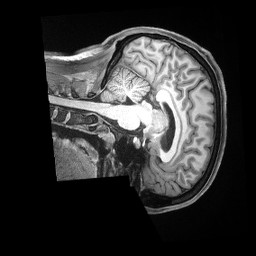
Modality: T1w
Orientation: sagittal
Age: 24
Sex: female
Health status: ill
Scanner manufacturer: siemens
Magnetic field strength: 3 T
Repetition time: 2.5 s
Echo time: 0.00181 s

══════════════════════════════

■ **BRIEF**: Could you output every record above exactly as written, leaving out the pictures?

■ **WRITTEN RESPONSE**:
Modality: T1w
Orientation: sagittal
Age: 24
Sex: female
Health status: ill
Scanner manufacturer: siemens
Magnetic field strength: 3 T
Repetition time: 2.5 s
Echo time: 0.00181 s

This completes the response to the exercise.